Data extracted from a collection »
# # # # #

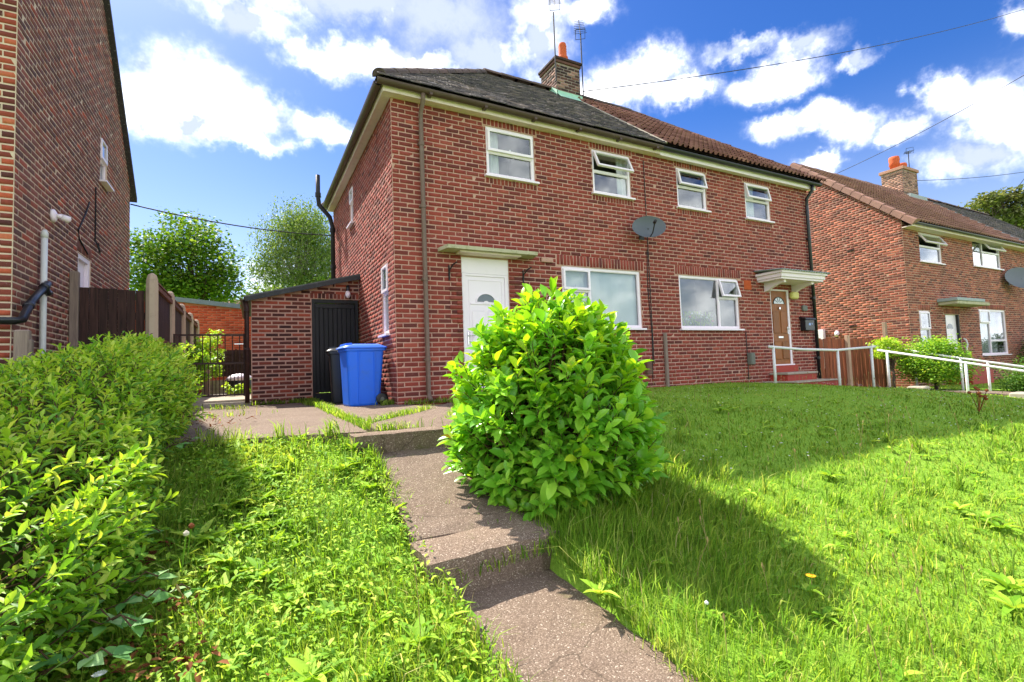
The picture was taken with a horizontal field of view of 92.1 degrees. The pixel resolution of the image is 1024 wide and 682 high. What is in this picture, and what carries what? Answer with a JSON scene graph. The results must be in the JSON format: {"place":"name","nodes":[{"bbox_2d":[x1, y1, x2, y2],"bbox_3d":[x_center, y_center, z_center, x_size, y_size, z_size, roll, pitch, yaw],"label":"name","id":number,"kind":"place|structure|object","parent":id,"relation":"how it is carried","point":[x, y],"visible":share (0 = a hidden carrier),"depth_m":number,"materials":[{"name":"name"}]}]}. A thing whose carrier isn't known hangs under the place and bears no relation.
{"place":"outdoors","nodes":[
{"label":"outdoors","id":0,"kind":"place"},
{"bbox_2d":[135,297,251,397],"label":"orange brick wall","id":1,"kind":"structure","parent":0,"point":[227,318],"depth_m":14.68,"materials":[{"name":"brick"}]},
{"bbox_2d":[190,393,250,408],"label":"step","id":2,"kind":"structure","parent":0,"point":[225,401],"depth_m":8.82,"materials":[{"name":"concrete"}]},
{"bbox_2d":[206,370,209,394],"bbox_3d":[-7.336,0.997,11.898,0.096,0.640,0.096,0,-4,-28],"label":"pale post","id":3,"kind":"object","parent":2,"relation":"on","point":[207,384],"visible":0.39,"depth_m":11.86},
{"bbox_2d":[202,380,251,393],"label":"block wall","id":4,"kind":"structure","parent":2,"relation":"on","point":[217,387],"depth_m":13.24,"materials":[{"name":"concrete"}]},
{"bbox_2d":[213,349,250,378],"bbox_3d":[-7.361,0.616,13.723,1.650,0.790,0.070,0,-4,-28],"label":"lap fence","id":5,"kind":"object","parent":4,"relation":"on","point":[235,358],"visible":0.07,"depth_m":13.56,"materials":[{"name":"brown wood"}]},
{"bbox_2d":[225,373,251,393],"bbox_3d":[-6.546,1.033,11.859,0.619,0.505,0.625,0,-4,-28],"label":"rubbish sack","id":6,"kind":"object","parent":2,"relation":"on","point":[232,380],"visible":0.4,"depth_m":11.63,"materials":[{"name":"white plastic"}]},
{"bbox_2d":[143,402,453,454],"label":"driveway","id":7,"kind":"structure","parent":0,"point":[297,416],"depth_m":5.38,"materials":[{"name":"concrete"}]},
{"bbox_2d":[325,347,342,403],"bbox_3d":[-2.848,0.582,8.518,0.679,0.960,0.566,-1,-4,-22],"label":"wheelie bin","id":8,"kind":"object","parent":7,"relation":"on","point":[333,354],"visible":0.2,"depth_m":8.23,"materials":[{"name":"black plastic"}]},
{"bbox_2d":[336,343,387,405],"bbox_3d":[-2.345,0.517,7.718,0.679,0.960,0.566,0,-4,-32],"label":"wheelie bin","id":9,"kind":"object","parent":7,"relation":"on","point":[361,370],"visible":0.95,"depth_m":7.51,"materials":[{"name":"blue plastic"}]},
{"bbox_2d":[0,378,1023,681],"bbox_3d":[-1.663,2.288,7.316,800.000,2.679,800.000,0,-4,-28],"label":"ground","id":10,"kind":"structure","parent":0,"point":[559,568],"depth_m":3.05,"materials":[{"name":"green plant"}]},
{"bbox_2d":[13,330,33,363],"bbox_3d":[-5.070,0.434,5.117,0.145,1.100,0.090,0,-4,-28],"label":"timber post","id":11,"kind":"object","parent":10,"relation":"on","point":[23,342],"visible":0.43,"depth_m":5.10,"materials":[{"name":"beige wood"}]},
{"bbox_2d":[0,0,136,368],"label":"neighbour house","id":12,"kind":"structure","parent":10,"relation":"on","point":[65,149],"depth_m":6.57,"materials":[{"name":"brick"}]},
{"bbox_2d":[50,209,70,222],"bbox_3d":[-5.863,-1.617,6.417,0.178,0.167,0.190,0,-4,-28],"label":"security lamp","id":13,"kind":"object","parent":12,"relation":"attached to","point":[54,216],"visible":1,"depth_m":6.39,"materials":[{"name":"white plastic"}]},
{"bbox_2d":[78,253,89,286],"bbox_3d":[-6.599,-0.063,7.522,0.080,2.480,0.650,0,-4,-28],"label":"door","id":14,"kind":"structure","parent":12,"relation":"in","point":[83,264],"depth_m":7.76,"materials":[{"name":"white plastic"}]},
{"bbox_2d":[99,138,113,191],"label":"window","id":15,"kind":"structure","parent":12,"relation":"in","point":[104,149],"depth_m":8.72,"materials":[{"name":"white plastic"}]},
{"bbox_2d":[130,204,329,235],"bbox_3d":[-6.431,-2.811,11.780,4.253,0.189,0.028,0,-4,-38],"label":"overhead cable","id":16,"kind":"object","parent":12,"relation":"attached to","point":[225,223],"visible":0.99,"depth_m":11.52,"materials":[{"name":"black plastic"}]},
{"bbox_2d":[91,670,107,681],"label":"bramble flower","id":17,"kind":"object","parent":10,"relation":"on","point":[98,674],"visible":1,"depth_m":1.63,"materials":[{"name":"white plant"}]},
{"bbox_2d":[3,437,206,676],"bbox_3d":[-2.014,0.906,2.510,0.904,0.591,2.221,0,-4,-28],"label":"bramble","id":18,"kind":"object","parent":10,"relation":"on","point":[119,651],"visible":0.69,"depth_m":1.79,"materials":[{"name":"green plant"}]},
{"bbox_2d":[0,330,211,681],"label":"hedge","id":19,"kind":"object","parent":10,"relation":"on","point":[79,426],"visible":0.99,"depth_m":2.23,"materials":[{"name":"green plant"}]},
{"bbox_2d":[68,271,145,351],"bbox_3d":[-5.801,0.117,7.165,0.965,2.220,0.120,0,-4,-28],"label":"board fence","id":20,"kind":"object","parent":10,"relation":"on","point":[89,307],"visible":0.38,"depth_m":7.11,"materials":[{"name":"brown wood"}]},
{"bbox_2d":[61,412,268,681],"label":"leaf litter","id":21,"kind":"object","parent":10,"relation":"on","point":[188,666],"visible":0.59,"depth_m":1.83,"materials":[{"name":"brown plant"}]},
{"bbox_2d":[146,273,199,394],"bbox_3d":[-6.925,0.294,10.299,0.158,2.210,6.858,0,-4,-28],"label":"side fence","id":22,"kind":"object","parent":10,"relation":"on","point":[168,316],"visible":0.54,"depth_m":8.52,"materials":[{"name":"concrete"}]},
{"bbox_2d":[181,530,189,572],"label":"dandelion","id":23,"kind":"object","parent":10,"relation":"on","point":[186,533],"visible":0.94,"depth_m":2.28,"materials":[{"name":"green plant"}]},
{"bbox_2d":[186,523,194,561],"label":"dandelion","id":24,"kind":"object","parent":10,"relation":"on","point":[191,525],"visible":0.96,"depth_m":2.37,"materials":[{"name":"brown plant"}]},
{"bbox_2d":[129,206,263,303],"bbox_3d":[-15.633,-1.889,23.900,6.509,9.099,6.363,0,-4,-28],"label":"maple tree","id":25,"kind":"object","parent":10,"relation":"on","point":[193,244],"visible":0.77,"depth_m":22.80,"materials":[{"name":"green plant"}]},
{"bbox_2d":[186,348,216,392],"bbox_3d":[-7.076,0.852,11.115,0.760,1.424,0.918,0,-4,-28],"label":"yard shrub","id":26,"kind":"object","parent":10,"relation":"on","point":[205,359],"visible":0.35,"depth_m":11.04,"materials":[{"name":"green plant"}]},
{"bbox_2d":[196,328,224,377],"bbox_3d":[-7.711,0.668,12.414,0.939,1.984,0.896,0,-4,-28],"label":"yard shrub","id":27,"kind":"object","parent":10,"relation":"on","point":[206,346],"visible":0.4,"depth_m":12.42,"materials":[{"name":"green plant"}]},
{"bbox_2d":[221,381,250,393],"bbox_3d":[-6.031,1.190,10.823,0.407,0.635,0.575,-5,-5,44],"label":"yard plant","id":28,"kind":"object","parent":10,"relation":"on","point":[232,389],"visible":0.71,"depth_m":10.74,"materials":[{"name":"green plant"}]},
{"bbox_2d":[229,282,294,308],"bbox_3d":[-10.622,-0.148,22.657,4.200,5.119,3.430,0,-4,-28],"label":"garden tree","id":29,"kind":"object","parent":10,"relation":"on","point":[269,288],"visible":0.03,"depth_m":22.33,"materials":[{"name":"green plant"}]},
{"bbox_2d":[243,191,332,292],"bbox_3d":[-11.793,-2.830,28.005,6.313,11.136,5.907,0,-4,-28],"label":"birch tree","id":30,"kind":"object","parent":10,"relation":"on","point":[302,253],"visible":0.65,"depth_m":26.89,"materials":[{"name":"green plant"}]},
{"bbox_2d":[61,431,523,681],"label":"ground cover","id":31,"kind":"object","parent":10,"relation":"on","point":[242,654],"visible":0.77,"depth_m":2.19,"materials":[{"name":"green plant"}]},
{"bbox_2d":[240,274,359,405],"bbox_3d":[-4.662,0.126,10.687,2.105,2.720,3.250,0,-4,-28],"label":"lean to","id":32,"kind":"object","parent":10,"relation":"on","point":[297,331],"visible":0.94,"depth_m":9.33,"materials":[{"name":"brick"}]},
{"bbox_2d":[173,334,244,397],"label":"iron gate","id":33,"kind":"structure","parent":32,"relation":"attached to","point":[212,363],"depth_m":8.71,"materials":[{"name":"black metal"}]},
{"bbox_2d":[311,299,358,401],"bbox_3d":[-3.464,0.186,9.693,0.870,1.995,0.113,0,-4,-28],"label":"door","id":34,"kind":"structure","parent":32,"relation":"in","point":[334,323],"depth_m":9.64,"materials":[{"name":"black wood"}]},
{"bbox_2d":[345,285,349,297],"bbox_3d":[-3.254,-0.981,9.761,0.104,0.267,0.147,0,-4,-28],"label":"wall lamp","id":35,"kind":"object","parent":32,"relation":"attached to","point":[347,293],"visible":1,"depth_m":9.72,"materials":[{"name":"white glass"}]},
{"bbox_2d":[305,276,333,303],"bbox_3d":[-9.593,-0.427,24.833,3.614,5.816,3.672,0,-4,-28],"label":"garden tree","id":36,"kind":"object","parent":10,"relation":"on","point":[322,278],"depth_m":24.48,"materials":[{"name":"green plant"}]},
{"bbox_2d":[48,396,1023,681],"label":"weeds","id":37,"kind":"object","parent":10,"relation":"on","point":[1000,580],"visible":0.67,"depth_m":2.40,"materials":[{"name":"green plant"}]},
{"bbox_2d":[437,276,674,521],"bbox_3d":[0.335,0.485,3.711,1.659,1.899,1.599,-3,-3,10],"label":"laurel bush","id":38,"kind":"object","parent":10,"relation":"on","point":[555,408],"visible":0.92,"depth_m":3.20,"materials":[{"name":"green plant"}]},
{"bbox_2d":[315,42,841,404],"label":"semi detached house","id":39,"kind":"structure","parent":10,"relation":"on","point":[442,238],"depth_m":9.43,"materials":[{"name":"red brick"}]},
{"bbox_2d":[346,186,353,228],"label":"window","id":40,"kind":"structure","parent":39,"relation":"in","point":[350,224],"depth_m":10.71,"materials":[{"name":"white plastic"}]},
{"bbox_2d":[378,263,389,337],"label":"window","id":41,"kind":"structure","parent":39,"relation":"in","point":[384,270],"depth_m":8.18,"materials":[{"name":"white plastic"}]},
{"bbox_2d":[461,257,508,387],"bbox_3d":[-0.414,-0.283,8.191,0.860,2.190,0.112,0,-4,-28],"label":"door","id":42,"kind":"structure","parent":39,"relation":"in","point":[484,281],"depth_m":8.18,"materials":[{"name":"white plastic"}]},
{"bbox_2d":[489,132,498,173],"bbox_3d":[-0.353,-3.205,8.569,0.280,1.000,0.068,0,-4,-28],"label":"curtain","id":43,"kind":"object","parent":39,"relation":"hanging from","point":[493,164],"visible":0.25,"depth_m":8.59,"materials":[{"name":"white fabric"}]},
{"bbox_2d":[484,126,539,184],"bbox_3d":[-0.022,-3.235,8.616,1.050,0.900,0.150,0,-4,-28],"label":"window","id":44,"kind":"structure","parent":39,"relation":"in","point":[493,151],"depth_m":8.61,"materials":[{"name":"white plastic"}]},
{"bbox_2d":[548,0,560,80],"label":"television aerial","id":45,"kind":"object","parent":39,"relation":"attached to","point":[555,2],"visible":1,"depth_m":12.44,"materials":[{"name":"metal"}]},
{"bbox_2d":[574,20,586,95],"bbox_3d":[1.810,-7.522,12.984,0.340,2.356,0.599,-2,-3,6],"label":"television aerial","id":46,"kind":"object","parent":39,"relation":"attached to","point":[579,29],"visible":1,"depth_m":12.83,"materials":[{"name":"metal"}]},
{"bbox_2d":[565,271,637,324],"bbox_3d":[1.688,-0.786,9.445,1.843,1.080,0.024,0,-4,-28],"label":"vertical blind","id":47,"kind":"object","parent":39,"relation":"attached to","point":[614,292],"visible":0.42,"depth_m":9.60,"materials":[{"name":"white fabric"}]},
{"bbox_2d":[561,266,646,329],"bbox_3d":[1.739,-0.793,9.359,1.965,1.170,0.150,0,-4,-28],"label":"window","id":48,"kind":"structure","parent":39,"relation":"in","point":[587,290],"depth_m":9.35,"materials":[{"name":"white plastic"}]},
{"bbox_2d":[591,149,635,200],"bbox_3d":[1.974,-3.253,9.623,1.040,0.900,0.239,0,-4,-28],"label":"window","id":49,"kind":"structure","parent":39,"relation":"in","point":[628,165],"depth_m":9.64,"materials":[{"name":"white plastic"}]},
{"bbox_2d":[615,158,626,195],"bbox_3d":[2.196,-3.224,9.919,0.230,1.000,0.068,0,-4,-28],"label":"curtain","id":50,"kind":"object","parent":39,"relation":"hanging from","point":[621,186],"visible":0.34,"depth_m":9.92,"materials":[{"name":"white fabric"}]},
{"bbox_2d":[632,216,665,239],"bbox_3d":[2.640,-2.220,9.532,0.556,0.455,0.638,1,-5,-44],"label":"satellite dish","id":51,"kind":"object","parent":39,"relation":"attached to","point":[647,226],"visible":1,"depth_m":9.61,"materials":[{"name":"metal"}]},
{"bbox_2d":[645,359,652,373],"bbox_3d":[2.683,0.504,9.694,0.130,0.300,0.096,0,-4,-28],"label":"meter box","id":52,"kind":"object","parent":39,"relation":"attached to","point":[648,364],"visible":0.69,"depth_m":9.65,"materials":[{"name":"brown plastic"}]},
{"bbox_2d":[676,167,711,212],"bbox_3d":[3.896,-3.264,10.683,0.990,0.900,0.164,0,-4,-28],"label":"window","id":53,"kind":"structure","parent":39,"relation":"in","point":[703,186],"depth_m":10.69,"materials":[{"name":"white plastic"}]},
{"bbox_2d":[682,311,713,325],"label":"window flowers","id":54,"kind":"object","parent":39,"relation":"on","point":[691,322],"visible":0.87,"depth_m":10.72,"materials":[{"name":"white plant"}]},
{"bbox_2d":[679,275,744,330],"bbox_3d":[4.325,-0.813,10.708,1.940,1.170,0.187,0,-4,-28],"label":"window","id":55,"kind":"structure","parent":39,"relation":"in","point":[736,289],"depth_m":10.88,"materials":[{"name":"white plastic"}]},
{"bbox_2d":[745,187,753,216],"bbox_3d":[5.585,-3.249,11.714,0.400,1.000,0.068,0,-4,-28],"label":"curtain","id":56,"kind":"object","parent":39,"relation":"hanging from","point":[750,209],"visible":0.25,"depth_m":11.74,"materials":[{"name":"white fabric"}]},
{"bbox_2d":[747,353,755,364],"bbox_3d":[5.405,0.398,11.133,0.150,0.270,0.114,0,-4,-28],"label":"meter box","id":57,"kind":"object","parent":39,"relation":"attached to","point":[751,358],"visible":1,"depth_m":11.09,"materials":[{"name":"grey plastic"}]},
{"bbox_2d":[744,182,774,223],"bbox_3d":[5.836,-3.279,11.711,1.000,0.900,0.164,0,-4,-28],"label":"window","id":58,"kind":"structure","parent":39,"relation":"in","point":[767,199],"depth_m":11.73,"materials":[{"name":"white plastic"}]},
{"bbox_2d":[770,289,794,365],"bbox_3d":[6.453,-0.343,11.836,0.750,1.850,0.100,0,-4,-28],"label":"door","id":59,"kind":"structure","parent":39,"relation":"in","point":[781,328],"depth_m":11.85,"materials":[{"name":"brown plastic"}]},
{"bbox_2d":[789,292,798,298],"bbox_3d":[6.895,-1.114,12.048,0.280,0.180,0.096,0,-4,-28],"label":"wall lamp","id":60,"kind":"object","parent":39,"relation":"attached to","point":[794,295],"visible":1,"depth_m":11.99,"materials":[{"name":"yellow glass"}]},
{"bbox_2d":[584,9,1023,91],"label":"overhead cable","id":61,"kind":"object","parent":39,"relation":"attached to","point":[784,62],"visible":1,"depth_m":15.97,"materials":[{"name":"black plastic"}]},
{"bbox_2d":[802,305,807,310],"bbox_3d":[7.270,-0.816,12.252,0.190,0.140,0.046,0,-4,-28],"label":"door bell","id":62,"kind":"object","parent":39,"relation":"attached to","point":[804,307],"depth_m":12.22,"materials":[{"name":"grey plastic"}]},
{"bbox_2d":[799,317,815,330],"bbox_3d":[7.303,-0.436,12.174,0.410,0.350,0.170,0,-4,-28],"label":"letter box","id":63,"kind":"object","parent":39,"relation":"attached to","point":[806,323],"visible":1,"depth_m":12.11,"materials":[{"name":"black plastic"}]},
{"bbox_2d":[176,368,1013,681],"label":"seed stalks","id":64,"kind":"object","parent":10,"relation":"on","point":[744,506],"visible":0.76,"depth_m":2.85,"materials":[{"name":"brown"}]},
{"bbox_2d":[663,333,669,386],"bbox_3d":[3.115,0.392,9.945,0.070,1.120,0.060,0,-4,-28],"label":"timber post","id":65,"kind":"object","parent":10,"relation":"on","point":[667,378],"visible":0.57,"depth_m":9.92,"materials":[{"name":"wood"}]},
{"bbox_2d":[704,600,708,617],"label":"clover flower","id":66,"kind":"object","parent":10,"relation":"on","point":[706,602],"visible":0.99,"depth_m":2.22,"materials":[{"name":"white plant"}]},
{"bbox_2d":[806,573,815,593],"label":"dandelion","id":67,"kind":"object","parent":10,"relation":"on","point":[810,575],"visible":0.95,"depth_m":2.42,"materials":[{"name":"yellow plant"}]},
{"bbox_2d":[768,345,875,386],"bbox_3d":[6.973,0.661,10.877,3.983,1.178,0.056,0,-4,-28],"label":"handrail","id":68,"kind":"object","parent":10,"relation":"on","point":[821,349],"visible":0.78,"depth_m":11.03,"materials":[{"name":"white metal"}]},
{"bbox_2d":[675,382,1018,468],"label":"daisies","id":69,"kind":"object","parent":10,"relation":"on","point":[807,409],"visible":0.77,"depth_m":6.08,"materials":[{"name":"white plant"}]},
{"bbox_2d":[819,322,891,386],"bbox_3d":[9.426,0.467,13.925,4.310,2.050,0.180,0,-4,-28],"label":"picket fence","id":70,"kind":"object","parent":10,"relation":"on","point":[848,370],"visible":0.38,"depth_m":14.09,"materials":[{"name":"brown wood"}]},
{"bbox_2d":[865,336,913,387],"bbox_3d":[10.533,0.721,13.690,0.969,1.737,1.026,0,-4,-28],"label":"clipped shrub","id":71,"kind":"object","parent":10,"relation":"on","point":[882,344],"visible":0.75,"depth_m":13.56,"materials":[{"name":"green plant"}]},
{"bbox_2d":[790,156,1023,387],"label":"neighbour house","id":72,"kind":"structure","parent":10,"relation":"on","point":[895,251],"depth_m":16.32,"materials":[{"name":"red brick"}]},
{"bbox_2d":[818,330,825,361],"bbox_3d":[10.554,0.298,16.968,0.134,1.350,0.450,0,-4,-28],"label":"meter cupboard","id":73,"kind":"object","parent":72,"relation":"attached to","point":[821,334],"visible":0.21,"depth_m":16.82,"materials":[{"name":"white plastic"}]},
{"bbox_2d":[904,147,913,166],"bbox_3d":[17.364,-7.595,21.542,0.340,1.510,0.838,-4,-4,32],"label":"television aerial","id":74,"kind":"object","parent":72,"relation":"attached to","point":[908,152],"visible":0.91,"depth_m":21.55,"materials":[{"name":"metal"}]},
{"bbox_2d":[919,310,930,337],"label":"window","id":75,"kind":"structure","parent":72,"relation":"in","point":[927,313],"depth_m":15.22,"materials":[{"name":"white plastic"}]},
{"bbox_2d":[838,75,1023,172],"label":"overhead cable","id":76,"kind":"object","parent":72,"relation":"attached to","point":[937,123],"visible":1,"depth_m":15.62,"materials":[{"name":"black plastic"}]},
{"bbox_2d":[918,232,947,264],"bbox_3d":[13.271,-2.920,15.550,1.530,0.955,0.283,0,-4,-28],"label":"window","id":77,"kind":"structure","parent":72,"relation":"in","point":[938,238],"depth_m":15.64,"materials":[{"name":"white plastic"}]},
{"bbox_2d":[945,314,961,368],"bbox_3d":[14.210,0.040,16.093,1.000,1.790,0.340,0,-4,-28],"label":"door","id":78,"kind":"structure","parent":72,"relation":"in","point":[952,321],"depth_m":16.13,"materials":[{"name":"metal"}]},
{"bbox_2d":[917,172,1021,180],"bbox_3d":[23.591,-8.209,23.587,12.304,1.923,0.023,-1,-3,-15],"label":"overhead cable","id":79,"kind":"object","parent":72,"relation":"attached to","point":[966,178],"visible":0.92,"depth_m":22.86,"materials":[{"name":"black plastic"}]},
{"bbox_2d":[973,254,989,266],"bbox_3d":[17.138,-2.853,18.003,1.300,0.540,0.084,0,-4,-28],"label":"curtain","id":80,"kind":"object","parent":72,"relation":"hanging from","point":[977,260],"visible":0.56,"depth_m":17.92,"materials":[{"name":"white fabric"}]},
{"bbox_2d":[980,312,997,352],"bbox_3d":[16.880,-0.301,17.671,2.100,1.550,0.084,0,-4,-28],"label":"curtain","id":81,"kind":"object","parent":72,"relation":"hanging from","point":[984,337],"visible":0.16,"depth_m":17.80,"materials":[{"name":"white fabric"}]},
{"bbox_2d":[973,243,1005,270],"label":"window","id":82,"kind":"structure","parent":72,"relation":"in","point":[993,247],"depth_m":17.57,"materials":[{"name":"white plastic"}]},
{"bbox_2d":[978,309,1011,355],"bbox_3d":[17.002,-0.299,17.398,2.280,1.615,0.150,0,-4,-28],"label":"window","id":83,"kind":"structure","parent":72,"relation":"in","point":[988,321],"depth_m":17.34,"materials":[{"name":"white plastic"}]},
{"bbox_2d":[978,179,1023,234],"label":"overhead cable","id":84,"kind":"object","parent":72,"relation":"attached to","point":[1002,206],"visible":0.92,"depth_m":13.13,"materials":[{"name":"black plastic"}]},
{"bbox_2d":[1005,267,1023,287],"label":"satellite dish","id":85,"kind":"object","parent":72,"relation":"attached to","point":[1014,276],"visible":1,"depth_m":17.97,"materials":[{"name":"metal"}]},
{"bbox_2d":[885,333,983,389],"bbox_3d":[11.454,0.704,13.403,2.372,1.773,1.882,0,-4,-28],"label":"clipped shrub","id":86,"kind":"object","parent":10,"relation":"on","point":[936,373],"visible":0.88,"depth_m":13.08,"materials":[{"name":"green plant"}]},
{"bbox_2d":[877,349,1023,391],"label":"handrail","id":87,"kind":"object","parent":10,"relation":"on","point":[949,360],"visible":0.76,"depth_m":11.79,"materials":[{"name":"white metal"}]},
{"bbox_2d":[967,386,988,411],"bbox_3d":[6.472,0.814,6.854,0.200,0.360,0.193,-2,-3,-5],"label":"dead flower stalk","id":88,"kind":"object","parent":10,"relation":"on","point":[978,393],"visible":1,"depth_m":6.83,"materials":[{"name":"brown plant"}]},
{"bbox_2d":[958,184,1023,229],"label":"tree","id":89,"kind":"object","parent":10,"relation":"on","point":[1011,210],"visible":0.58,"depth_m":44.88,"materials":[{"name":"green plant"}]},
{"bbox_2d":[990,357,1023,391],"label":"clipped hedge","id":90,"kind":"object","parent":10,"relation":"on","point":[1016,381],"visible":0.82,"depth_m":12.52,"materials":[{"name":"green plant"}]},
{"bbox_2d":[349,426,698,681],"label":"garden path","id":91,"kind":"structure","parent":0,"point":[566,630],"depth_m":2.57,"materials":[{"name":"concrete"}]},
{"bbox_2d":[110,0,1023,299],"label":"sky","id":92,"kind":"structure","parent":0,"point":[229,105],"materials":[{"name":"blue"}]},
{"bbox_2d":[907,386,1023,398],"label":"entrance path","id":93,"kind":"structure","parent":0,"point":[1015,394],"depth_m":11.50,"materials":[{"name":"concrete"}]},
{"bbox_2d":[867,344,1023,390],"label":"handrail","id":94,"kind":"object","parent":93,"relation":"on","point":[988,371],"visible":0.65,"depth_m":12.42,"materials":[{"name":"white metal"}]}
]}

# # # # #

Assignment »
Lines containing the word "grey" are to be located in the entries and copied.

Answer space »
{"bbox_2d":[747,353,755,364],"bbox_3d":[5.405,0.398,11.133,0.150,0.270,0.114,0,-4,-28],"label":"meter box","id":57,"kind":"object","parent":39,"relation":"attached to","point":[751,358],"visible":1,"depth_m":11.09,"materials":[{"name":"grey plastic"}]},
{"bbox_2d":[802,305,807,310],"bbox_3d":[7.270,-0.816,12.252,0.190,0.140,0.046,0,-4,-28],"label":"door bell","id":62,"kind":"object","parent":39,"relation":"attached to","point":[804,307],"depth_m":12.22,"materials":[{"name":"grey plastic"}]},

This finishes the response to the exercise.